[Opening SUPPLIED MATERIAL section]

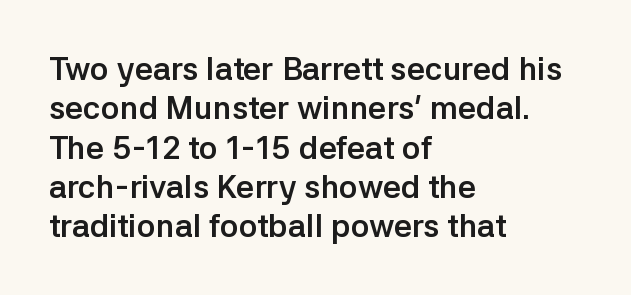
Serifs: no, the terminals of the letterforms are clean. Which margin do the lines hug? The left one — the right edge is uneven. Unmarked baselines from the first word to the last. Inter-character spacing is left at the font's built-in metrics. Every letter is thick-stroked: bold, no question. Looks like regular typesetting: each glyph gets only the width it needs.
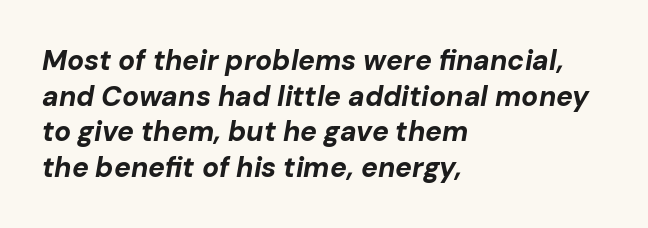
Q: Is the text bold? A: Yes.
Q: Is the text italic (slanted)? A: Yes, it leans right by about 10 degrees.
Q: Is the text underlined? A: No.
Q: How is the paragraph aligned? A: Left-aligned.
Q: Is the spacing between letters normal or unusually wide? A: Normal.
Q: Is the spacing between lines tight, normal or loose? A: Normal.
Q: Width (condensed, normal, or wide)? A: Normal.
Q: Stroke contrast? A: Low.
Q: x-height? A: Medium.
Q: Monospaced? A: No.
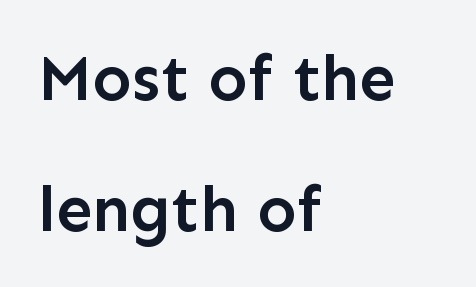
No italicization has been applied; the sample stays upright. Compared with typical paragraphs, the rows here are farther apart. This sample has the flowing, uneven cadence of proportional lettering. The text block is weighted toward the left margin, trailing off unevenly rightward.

[Closing SUPPLIED MATERIAL section]

For this exercise, transcribe the data above line by line, exactly, with pictures omitted.

Serifs: no, the terminals of the letterforms are clean. Which margin do the lines hug? The left one — the right edge is uneven. Unmarked baselines from the first word to the last. Inter-character spacing is left at the font's built-in metrics. Every letter is thick-stroked: bold, no question. Looks like regular typesetting: each glyph gets only the width it needs.
Q: Is the text bold? A: Yes.
Q: Is the text italic (slanted)? A: Yes, it leans right by about 10 degrees.
Q: Is the text underlined? A: No.
Q: How is the paragraph aligned? A: Left-aligned.
Q: Is the spacing between letters normal or unusually wide? A: Normal.
Q: Is the spacing between lines tight, normal or loose? A: Normal.
Q: Width (condensed, normal, or wide)? A: Normal.
Q: Stroke contrast? A: Low.
Q: x-height? A: Medium.
Q: Monospaced? A: No.
No italicization has been applied; the sample stays upright. Compared with typical paragraphs, the rows here are farther apart. This sample has the flowing, uneven cadence of proportional lettering. The text block is weighted toward the left margin, trailing off unevenly rightward.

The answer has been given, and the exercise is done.